An interesting take on freedom and controlling violent tendencies in culture. It successfully addresses the dangers of sacrificing freedom, the way prohibition increases allure, and the quandary that society has controlling base impulses.

Episode 11. “Concerning Flight” 

Trek has done the “hologram-that-has-no-idea-it-is-artificial” story to death, albeit not on this scale. The more interesting idea might have been to have the computer version of Da Vinci travel through time to meet the real one. It is preposterous to think that the artificial one really resembles the historical one in any way.

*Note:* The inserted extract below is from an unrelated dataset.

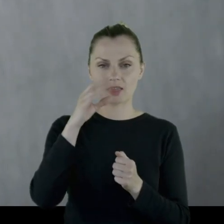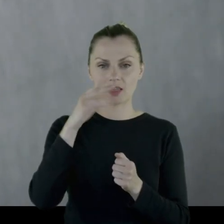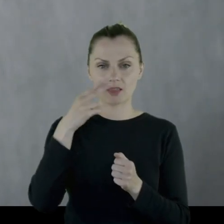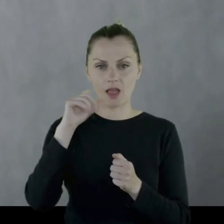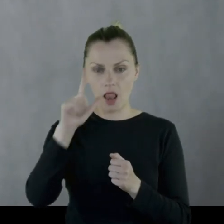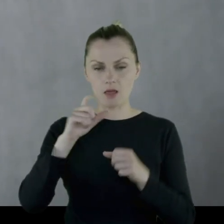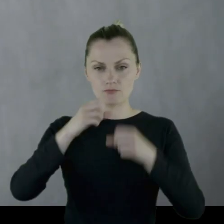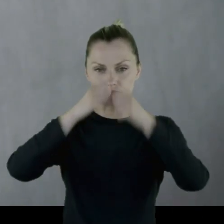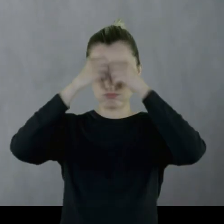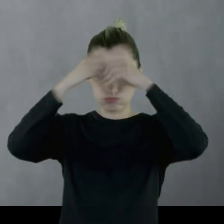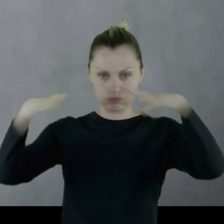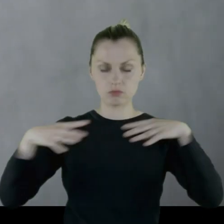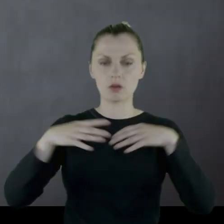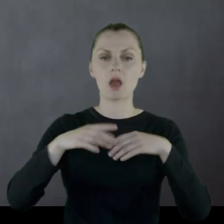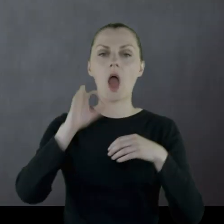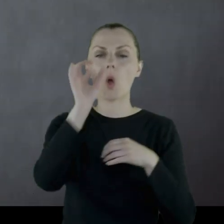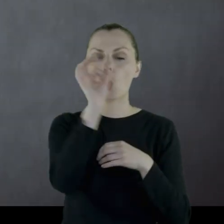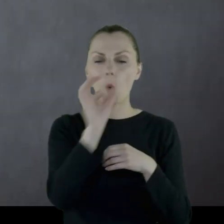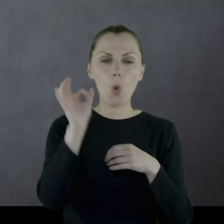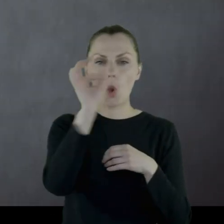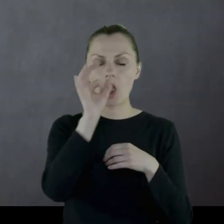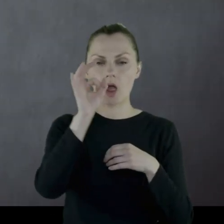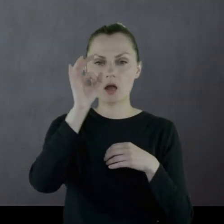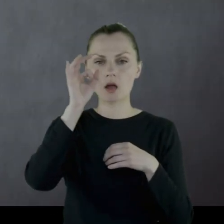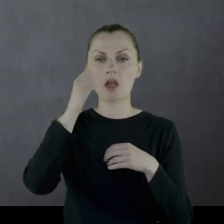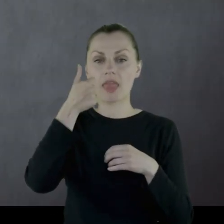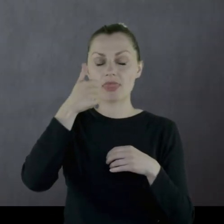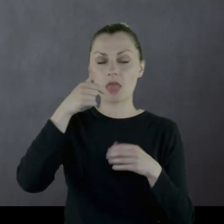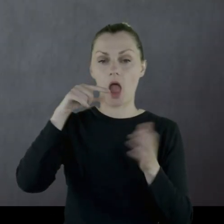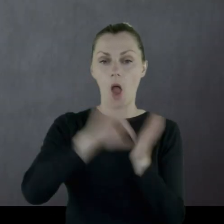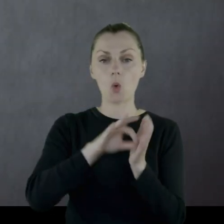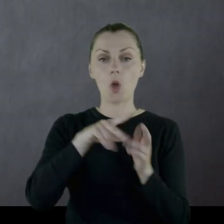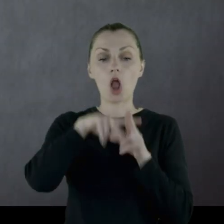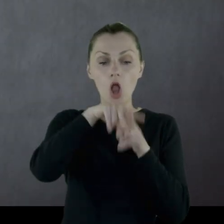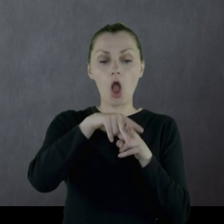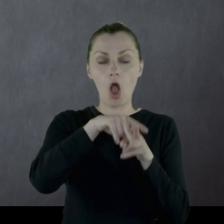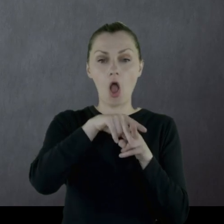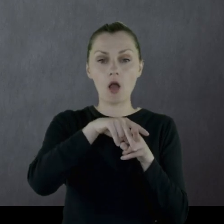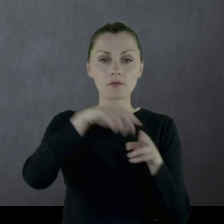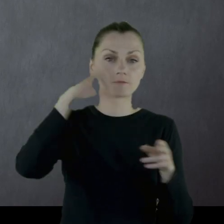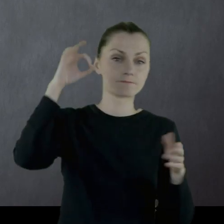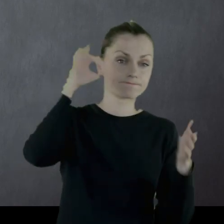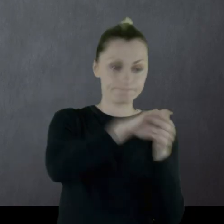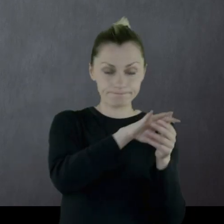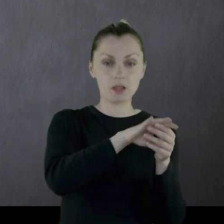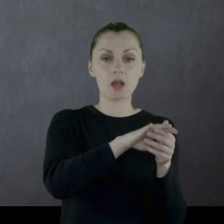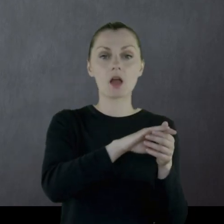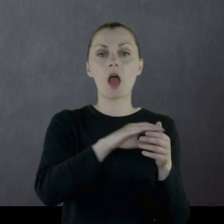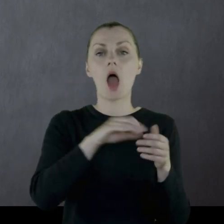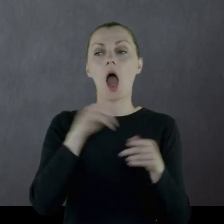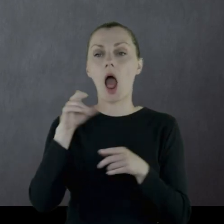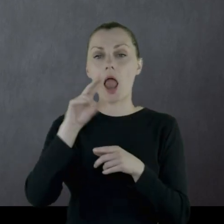Kulki szrapnelowe - jedna weszła w grzywę konia, druga w biodro Leona.

Episode 12. “Mortal Coil” 

Confronting mortality is tough enough, without having to witness our own demise. Here Neelix faces that challenge and also is confronted with a prospect of no afterlife. This episode contradicts other versions of death in Trek in an effort to propose a scary, existential worldview. Yet even their attempt to say “this is all there is” is unsatisfactory. They propose a secular immortality through the memories of society, since there is a universal instinct that we continue. If this one brief life is all that there is, then ultimately the message Neelix hears is true—there is no point. Secular thought tries to insist on an ethical benefit to Christian-type ideals in spite of no meaning. It is quite a stretch. Death as an end is the boogey-man that secularism does its best to ignore.

Episode 13. “Waking Moments” 

This episode rounds out the first half of season 4 on a high note. An entertaining puzzle to be solved, even if not that philosophically intricate.